Gegen die hohe Niederlage stemmte sich Hohnstorf nach anfänglichen Schwierigkeiten aufopferungsvoll. So ackerten Hellmig, Knorr und Meyer gegen die großen Mannen aus der Kurstadt. Auch Kohlmeyer und Förster musste dort mal ran und gaben die letzten Körner dafür. 11:15 lautete das Viertelergebnis dann, sodass es zur Halbzeit 19:43 stand.

Im dritten Durchgang kam Hohnstorf in der Offensive besser zum Zug, allerdings wurde dafür auch die Verteidigung vernachlässigt. So ging das Viertel mit 16:24 verloren. Im letzten Abschnitt wurde viel gewechselt, Hohnstorf wusste um die Niederlage, hatte das Ziel keine 100 Punkte zu kassieren vor Augen und alle Bankspieler kämpften dafür.
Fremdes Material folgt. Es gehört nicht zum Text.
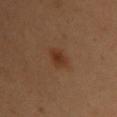Captured during whole-body skin photography for melanoma surveillance; the lesion was not biopsied.
Located on the left upper arm.
A female patient aged approximately 50.
A 15 mm close-up extracted from a 3D total-body photography capture.
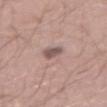Approximately 4.5 mm at its widest. The lesion-visualizer software estimated a border-irregularity index near 3.5/10, internal color variation of about 6 on a 0–10 scale, and radial color variation of about 2. It also reported a nevus-likeness score of about 0/100. A male subject approximately 40 years of age. Located on the back. The tile uses white-light illumination. Cropped from a total-body skin-imaging series; the visible field is about 15 mm.
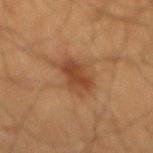follow-up: total-body-photography surveillance lesion; no biopsy | location: the mid back | patient: male, in their mid- to late 60s | size: ≈5 mm | lighting: cross-polarized | image: 15 mm crop, total-body photography.
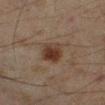Findings:
- workup — imaged on a skin check; not biopsied
- image — total-body-photography crop, ~15 mm field of view
- lesion size — about 3.5 mm
- site — the left lower leg
- subject — male, about 45 years old
- tile lighting — cross-polarized illumination
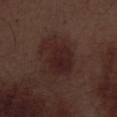The lesion was tiled from a total-body skin photograph and was not biopsied. The lesion's longest dimension is about 5 mm. From the leg. This is a white-light tile. A 15 mm close-up extracted from a 3D total-body photography capture. The subject is a male aged around 70.
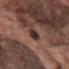Recorded during total-body skin imaging; not selected for excision or biopsy.
A close-up tile cropped from a whole-body skin photograph, about 15 mm across.
The lesion is located on the upper back.
Imaged with white-light lighting.
A male subject, aged approximately 70.
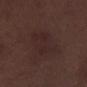Captured during whole-body skin photography for melanoma surveillance; the lesion was not biopsied.
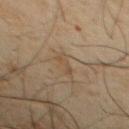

Dieses Ziel konnte dann erreicht werden, wenngleich auch nicht viel fehlte, als das letzte Viertel nochmals deutlich mit 7:26 verloren ging und das Endergebnis von 93:42 auf der Anzeige stand.

Die Fans wussten diesen Kampfgeist trotzdem zu würdigen und Birgit Arendt, Sportwartin der Region sowie Jens Meincke, 1. Vorsitzender, ehrten die Teams und Spieler beider Mannschaften.

Für Hohnstorf spielten: Koal und Kohlmeyer je 7, Geithner 6, Förster und Meyer je 5, Trautmann und Parakenings je 4, Drawe und Hellmig je 2, Knorr und Seemann.

Bei dem ein oder anderen Getränk sowie üppigen Büffet, für welches Hohnstorf bekannt ist, wurde dann der lange Turniertag nochmal besprochen. Insgesamt waren trotz des sommerlichen Wetters einige Fans in der Halle, sodass ein würdiger Rahmen für dieses tolle Sportevent gefunden werden konnte. Es bleibt die Hoffnung, dass in der neuen Saison der Pokal wieder mehr Anklang findet und mehr Herrenteams eine Meldung abgeben.